■ INSTRUCTIONS FOR THE TASK:
The reply should hold every line of the listing exactly, and none of its images.

------------------------

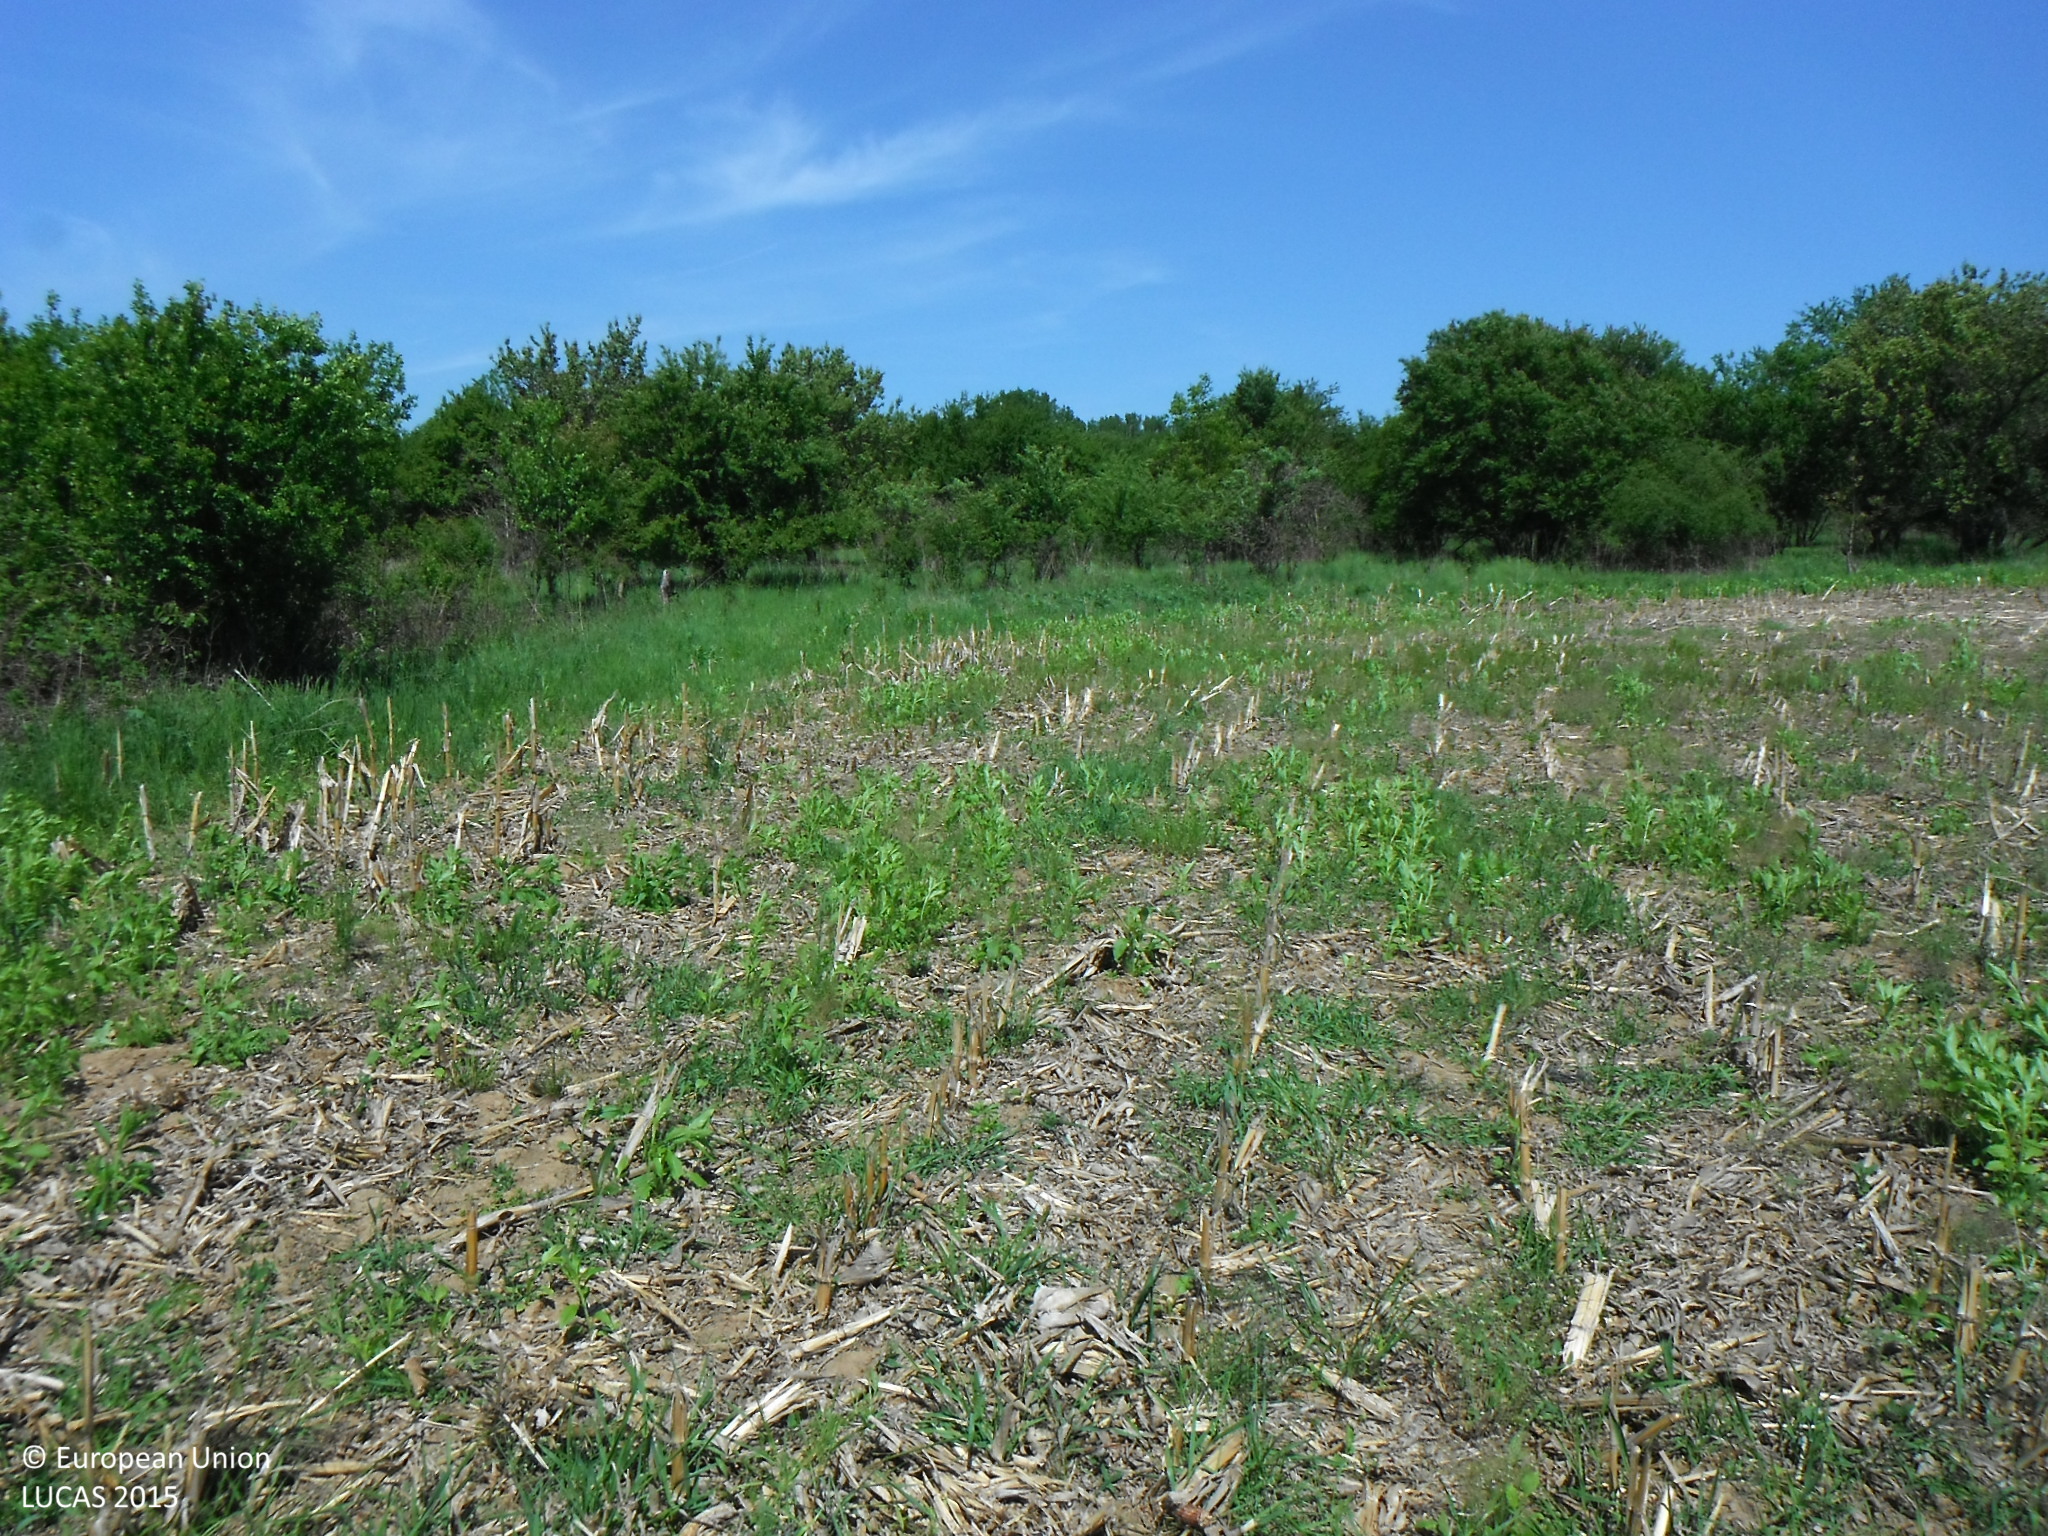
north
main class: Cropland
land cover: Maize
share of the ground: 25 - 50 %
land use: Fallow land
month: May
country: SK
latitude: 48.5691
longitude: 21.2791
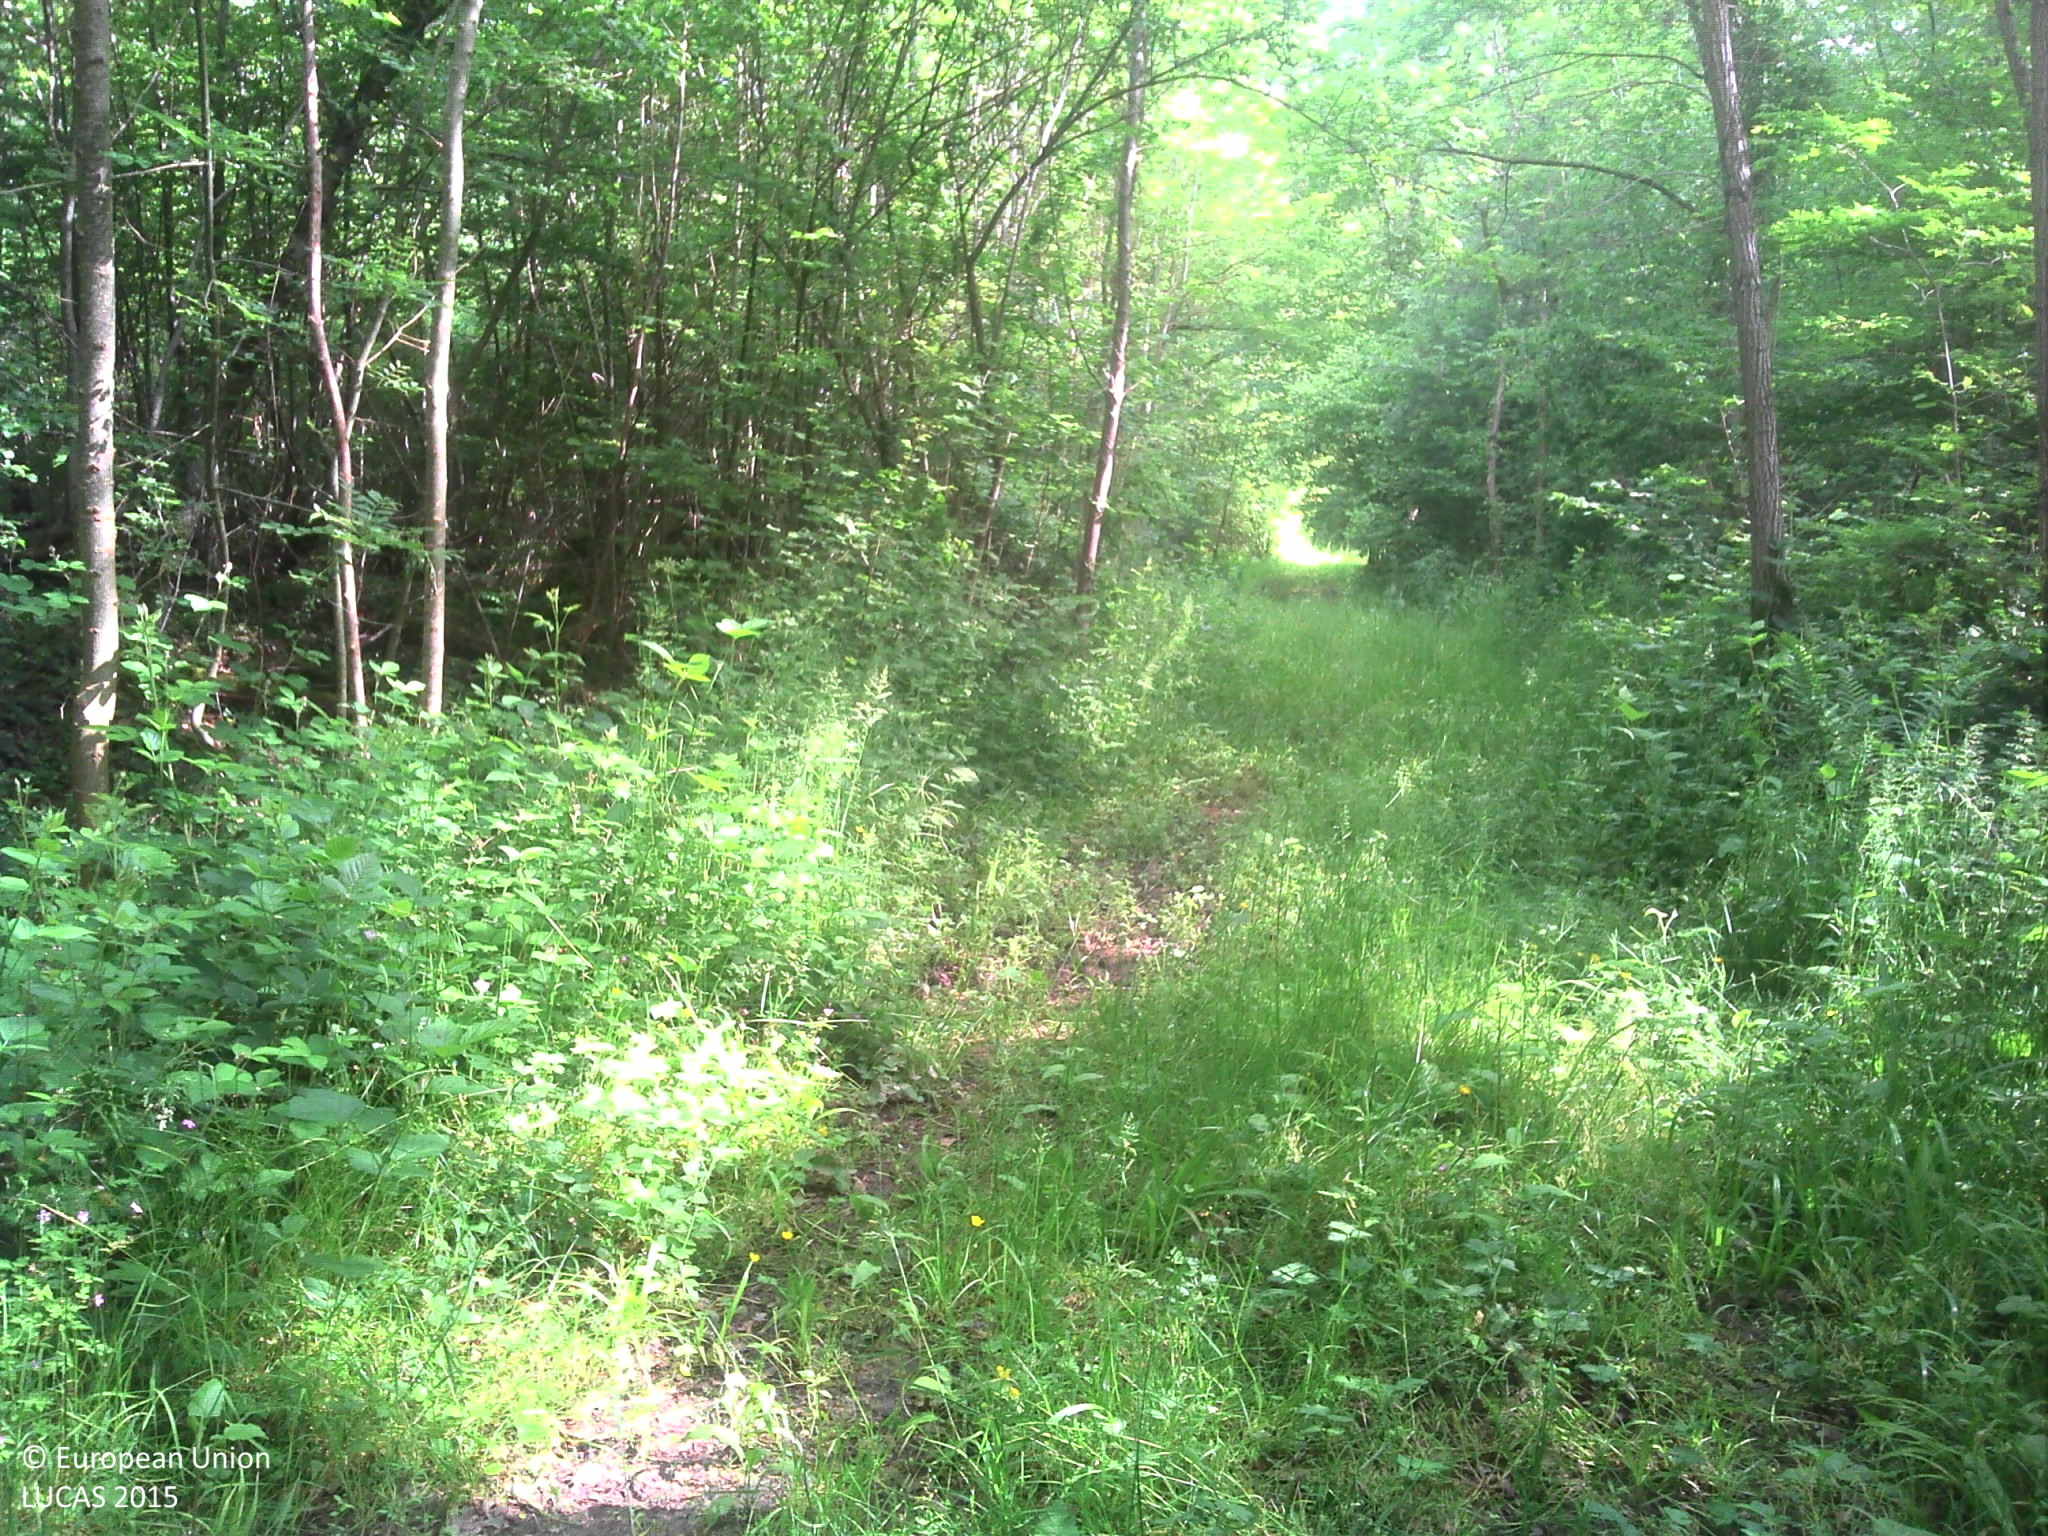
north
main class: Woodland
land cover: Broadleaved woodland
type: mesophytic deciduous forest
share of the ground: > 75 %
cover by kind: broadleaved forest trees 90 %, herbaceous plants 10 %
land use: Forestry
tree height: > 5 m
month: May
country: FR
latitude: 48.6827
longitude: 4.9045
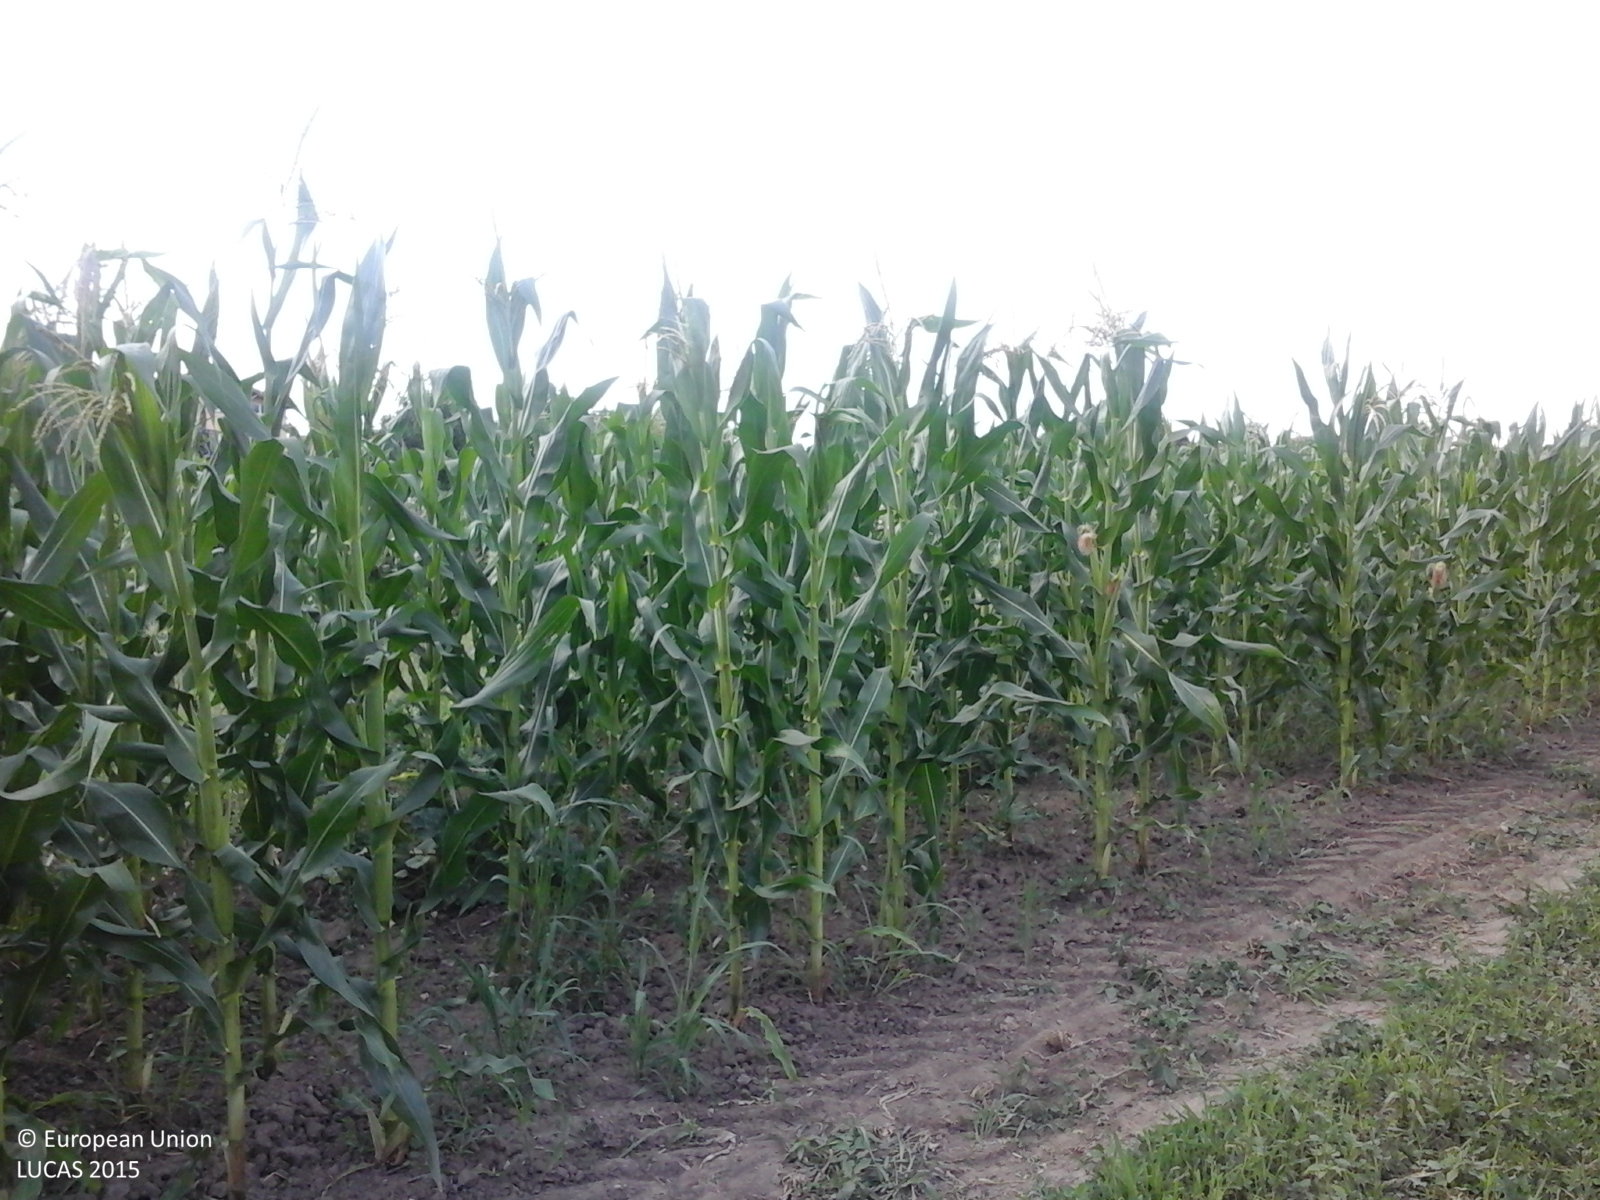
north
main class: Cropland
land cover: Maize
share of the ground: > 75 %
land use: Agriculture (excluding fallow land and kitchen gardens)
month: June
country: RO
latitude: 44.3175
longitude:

------------------------

■ WRITTEN SOLUTION:
north
main class: Cropland
land cover: Maize
share of the ground: 25 - 50 %
land use: Fallow land
month: May
country: SK
latitude: 48.5691
longitude: 21.2791
north
main class: Woodland
land cover: Broadleaved woodland
type: mesophytic deciduous forest
share of the ground: > 75 %
cover by kind: broadleaved forest trees 90 %, herbaceous plants 10 %
land use: Forestry
tree height: > 5 m
month: May
country: FR
latitude: 48.6827
longitude: 4.9045
north
main class: Cropland
land cover: Maize
share of the ground: > 75 %
land use: Agriculture (excluding fallow land and kitchen gardens)
month: June
country: RO
latitude: 44.3175
longitude:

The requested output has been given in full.